= DreamBooth =

Deep learning generation model

DreamBooth is a deep learning generation model used to personalize existing text-to-image models by fine-tuning. It was developed by researchers from Google Research and Boston University in 2022. Originally developed using Google's own Imagen text-to-image model, DreamBooth implementations can be applied to other text-to-image models, where it can allow the model to generate more fine-tuned and personalized outputs after training on three to five images of a subject.

==Technology==
Pretrained text-to-image diffusion models, while often capable of offering a diverse range of different image output types, lack the specificity required to generate images of lesser-known subjects, and are limited in their ability to render known subjects in different situations and contexts. The methodology used to run implementations of DreamBooth involves the fine-tuning the full UNet component of the diffusion model using a few images (usually 3--5) depicting a specific subject. Images are paired with text prompts that contain the name of the class the subject belongs to, plus a unique identifier. As an example, a photograph of a [Nissan R34 GTR] car, with car being the class); a class-specific prior preservation loss is applied to encourage the model to generate diverse instances of the subject based on what the model is already trained on for the original class.

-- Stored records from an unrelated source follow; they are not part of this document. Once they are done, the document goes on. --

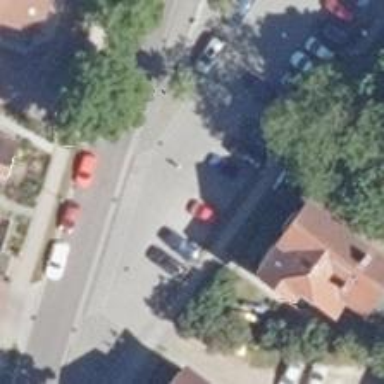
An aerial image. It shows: Parking aisle designated as service road.
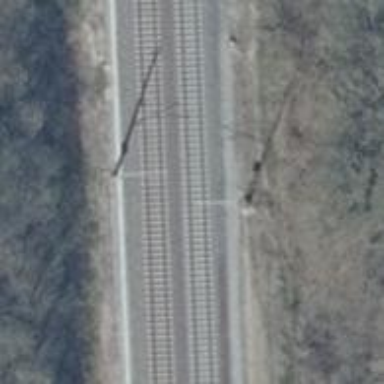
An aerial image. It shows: Milestone along the railway track with catenary mast.
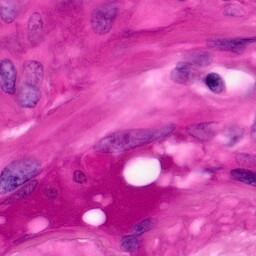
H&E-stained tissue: Pancreatic
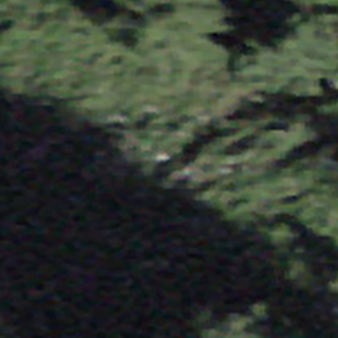
Label: other
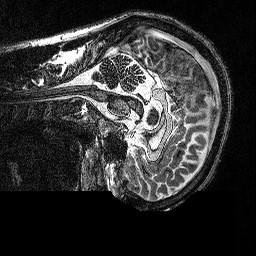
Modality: MP2RAGE
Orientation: sagittal
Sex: male
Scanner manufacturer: siemens
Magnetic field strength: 3 T
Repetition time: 5 s
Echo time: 0.00292 s

Pairs of low-resolution and high-resolution images taken from the set of input images are used to fine-tune the super-resolution components, allowing the minute details of the subject to be maintained.

==Usage==
DreamBooth can be used to fine-tune models such as Stable Diffusion, where it may alleviate a common shortcoming of Stable Diffusion not being able to adequately generate images of specific individual people. Such a use case is quite VRAM intensive, however, and thus cost-prohibitive for hobbyist users. The Stable Diffusion adaptation of DreamBooth in particular is released as a free and open-source project based on the technology outlined by the original paper published by Ruiz et al. in 2022. Concerns have been raised regarding the ability for bad actors to utilise DreamBooth to generate misleading images for malicious purposes, and that its open-source nature allows anyone to utilise or even make improvements to the technology. In addition, artists have expressed their apprehension regarding the ethics of using DreamBooth to train model checkpoints that are specifically aimed at imitating specific art styles associated with human artists; one such critic is Hollie Mengert, an illustrator for Disney and Penguin Random House who has had her art style trained into a checkpoint model via DreamBooth and shared online, without her consent.